Circuses, the Caucasus, and Contemporaneity: Interview with Taus Makhacheva
By Lesley Ann Gray
Through her dynamic multimedia works, Moscow-based Taus Makhacheva, whose family hails from Dagestan in the Northern Caucasus, comments on issues related to identities, homelands, memories, and post-Soviet modernity. For example, with a menu that included edible paper and a lollipop shaped like Vladimir Lenin’s head, her performance Stomach It: Menu and Performance (2017) interrogated the politics of food and the Soviet regime's starvation of Ukraine and the Caucasus from 1932 to ’33. Her acclaimed video Tightrope (2015), of a man walking a tightrope across a deep canyon while holding copies of paintings from the Dagestan Museum of Fine Art, highlighted the precarity of museums and cultural heritage.
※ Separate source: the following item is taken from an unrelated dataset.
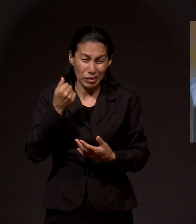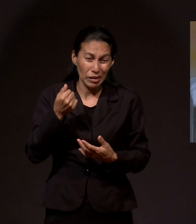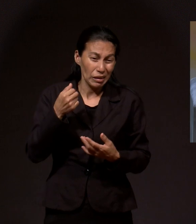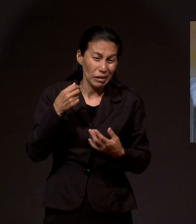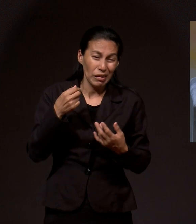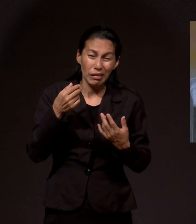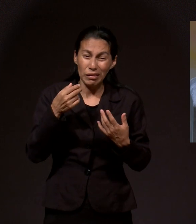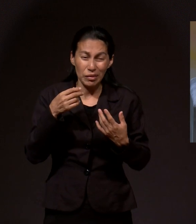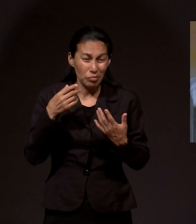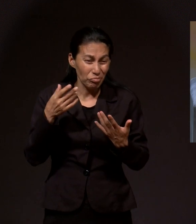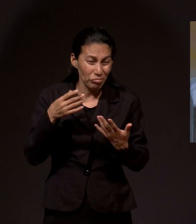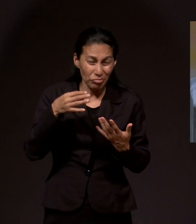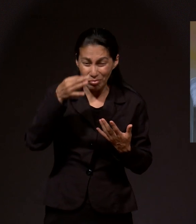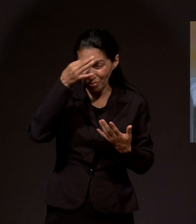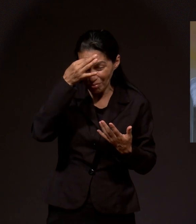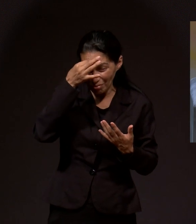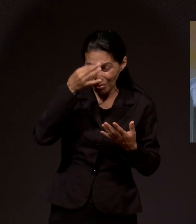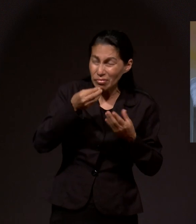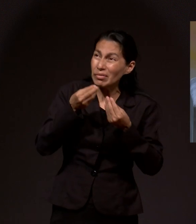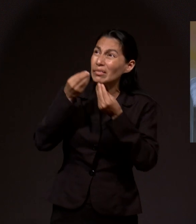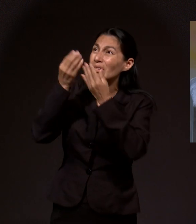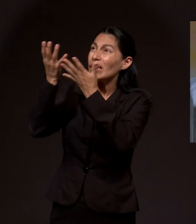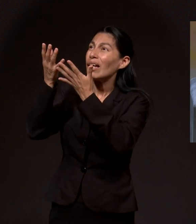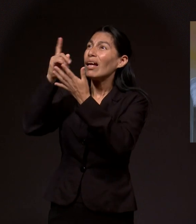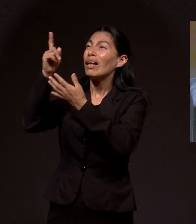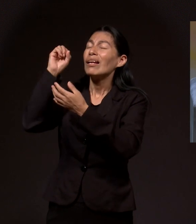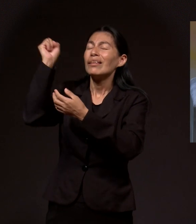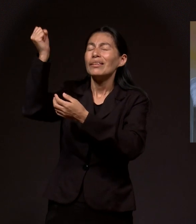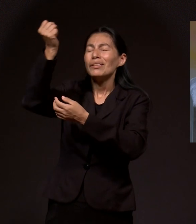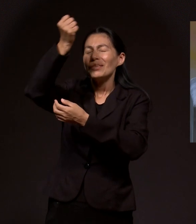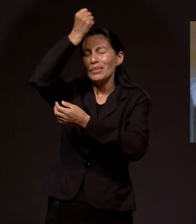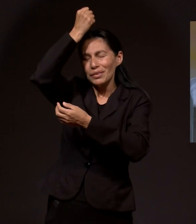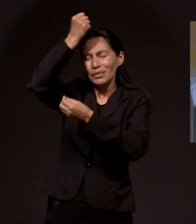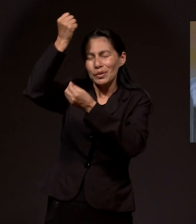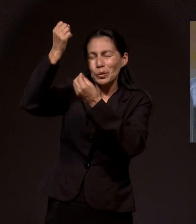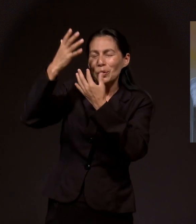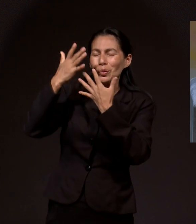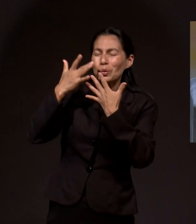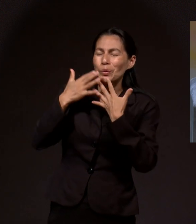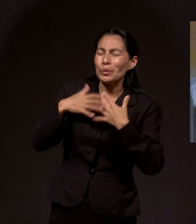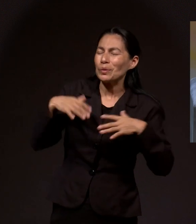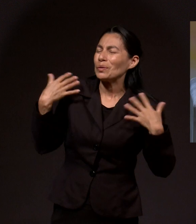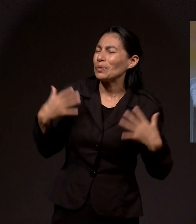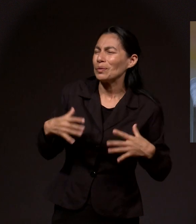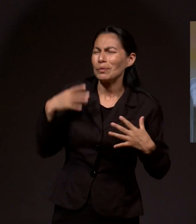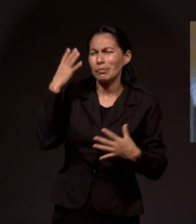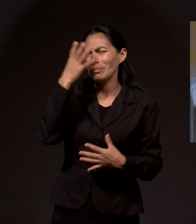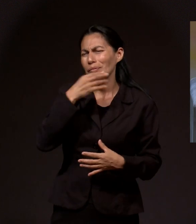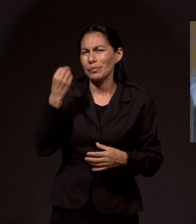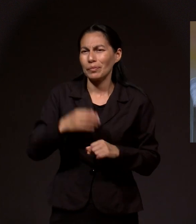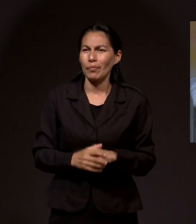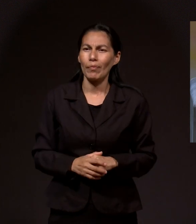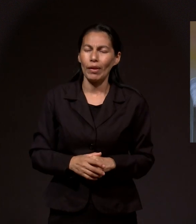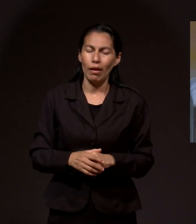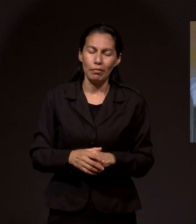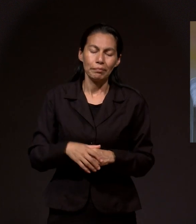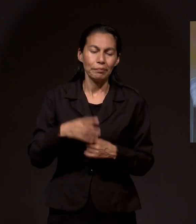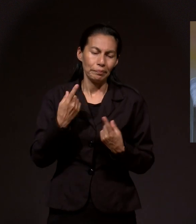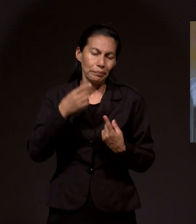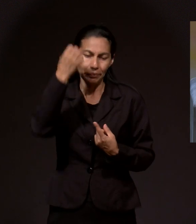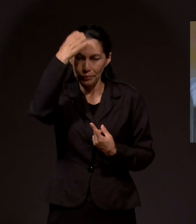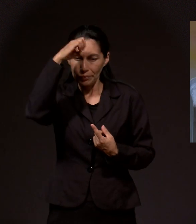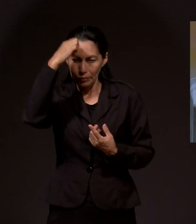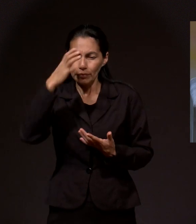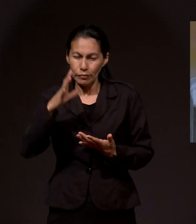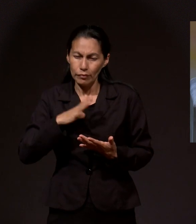Y abre puertas. Y también tengo una experiencia que quiero contarles. Y sucedió hace poco, el Día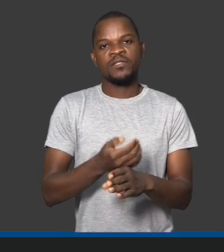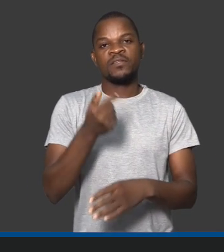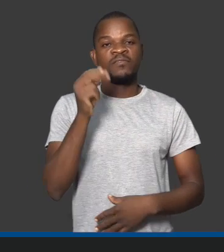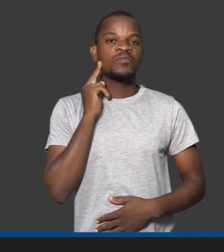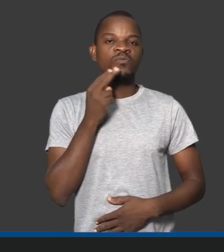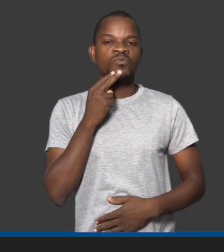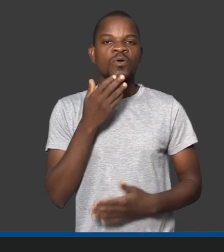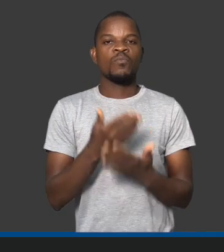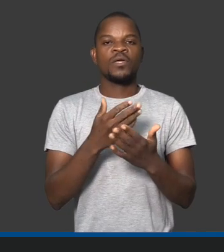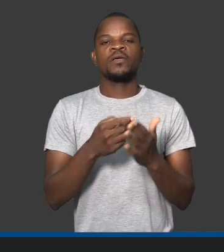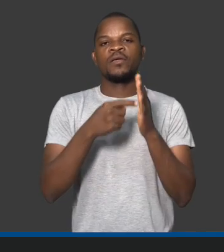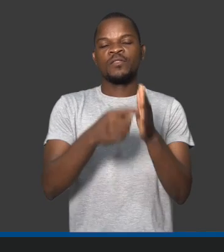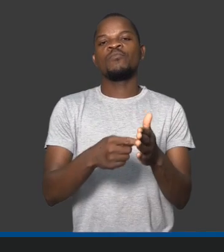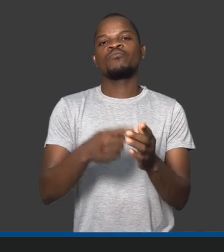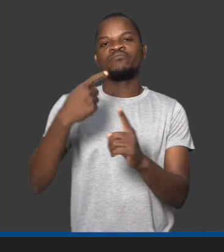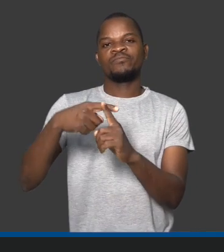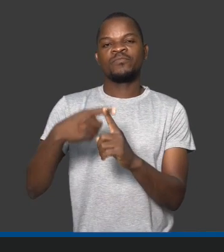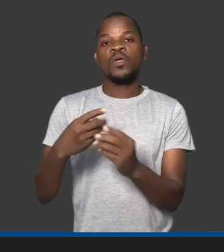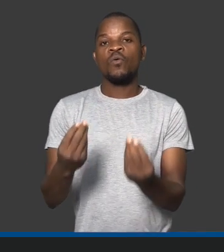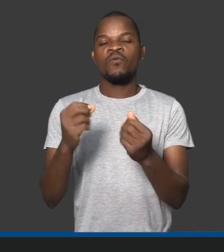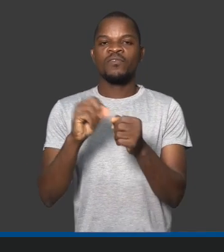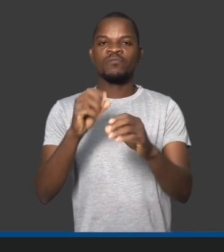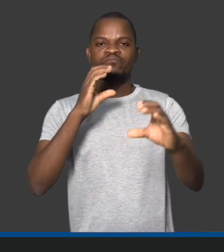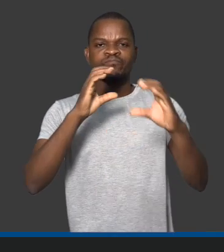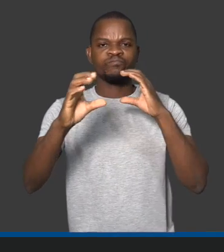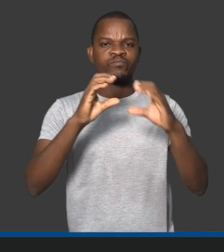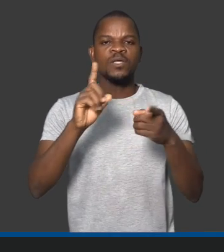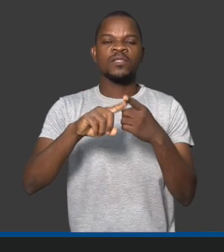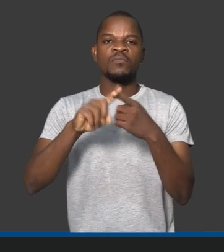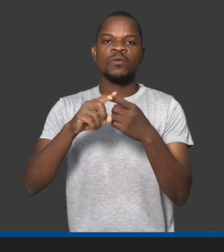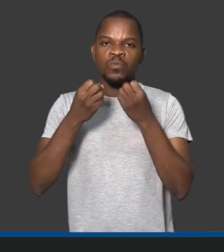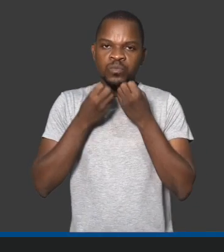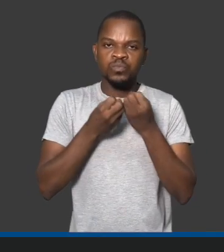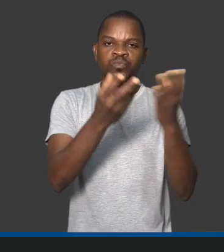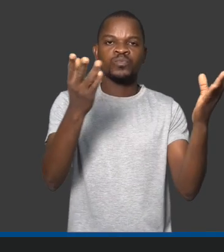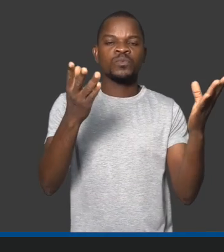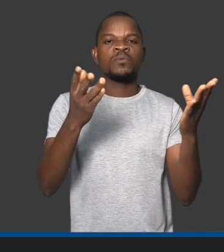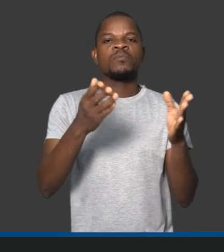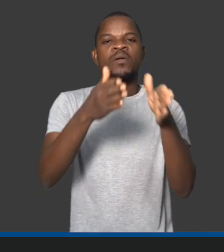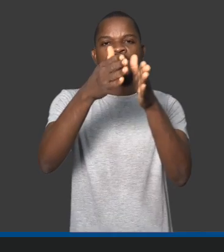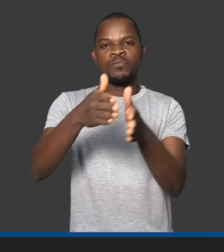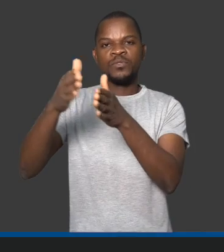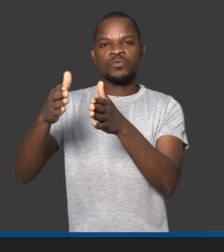dar esse conhecimento para uma parte mais ampla da população. E, claro, nós precisamos de

Both Tightrope and Stomach It were shown at the 2017 Venice Biennale’s international art exhibition, “Viva Arte Viva,” as meditations on how the present is continuously shaped by sins of the past. Among Makhacheva’s more playful pieces is an ASMR spa, presented at the 2017 Liverpool Biennale. There, visitors received facial treatments while a cosmetologist whispered stories of artworks that have disappeared throughout history. Quick Fix, which debuted at the 2019 Armory Show in New York, involved Makhacheva’s alter-ego, Super Taus, engraving blank trophies for lucky visitors who won at a dice game, celebrating their unrecognized accomplishments. Built into all of these works is a sense of empathy and irony, cultivated through the collaborative processes that bring the projects and performative experiences to life.